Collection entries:
_ _ _
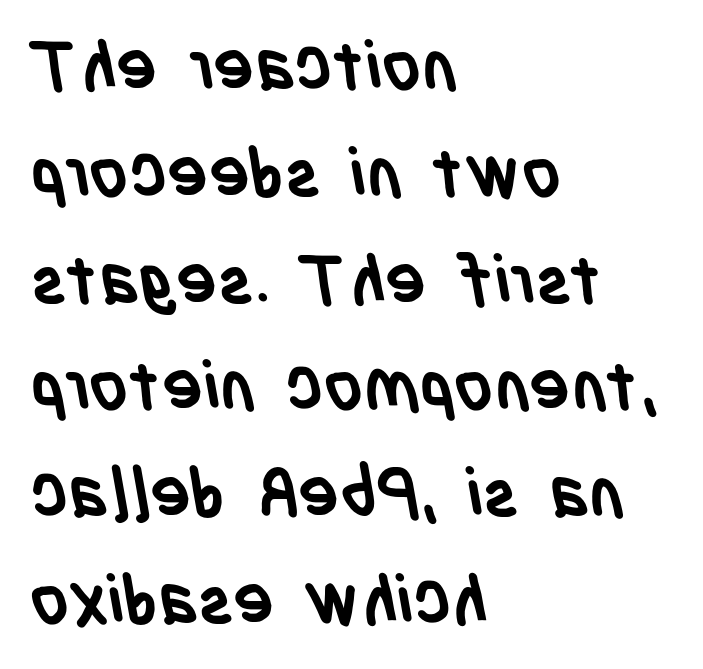
{"serif": "no", "bold": "yes", "weight": "semibold", "width": "condensed", "stroke_contrast": "low", "x_height": "large", "monospaced": "no", "underline": "no", "align": "left", "line_spacing": "normal", "line_spacing_ratio": 1.57, "letter_spacing": "normal", "letter_spacing_em": 0.0, "glyph_px": 68}
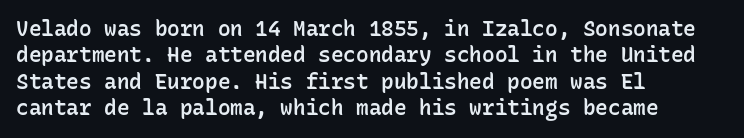
Q: Is the text bold? A: Semi-bold.
Q: Is the text italic (slanted)? A: No, it is upright.
Q: Is the text underlined? A: No.
Q: How is the paragraph aligned? A: Left-aligned.
Q: Is the spacing between letters normal or unusually wide? A: Normal.
Q: Is the spacing between lines tight, normal or loose? A: Normal.
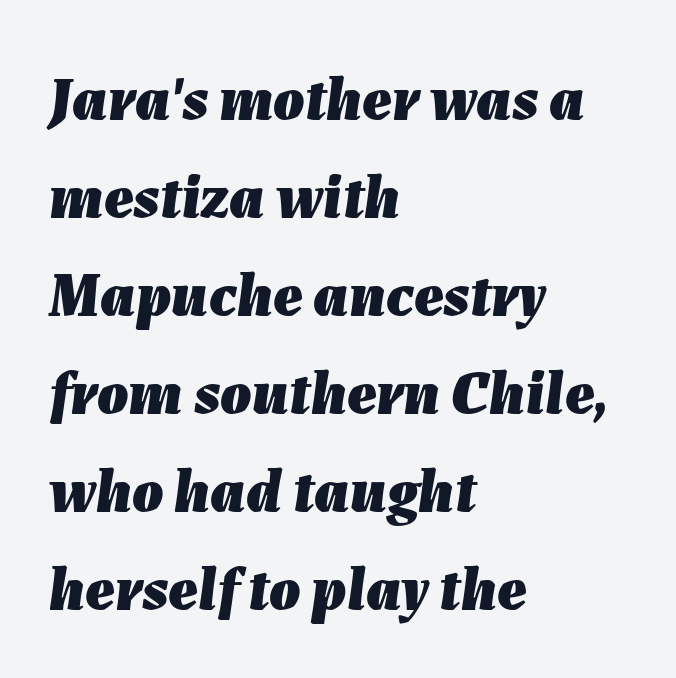
Q: Is the text bold? A: Yes.
Q: Is the text italic (slanted)? A: Yes, it leans right by about 7 degrees.
Q: Is the text underlined? A: No.
Q: How is the paragraph aligned? A: Left-aligned.
Q: Is the spacing between letters normal or unusually wide? A: Normal.
Q: Is the spacing between lines tight, normal or loose? A: Normal.
Q: Width (condensed, normal, or wide)? A: Normal.
Q: Stroke contrast? A: Low.
Q: x-height? A: Medium.
Q: Monospaced? A: No.
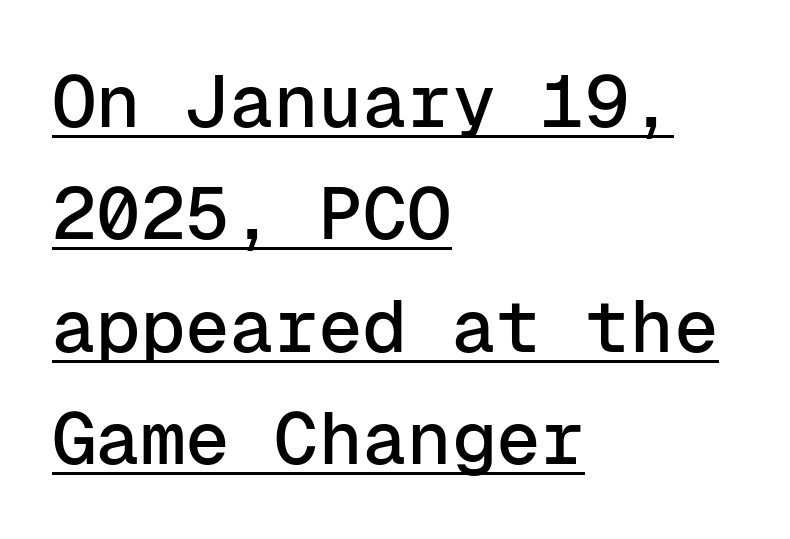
_ _ _
Write out, word for word, the lines running from the one containing "Q: Is the text italic (slanted)? A: No, it" to the end of the data above; the pictures are to be left out.

FINAL ANSWER:
Q: Is the text italic (slanted)? A: No, it is upright.
Q: Is the text underlined? A: No.
Q: How is the paragraph aligned? A: Left-aligned.
Q: Is the spacing between letters normal or unusually wide? A: Normal.
Q: Is the spacing between lines tight, normal or loose? A: Normal.
Q: Is the text bold? A: Yes.
Q: Is the text italic (slanted)? A: Yes, it leans right by about 7 degrees.
Q: Is the text underlined? A: No.
Q: How is the paragraph aligned? A: Left-aligned.
Q: Is the spacing between letters normal or unusually wide? A: Normal.
Q: Is the spacing between lines tight, normal or loose? A: Normal.
Q: Width (condensed, normal, or wide)? A: Normal.
Q: Stroke contrast? A: Low.
Q: x-height? A: Medium.
Q: Monospaced? A: No.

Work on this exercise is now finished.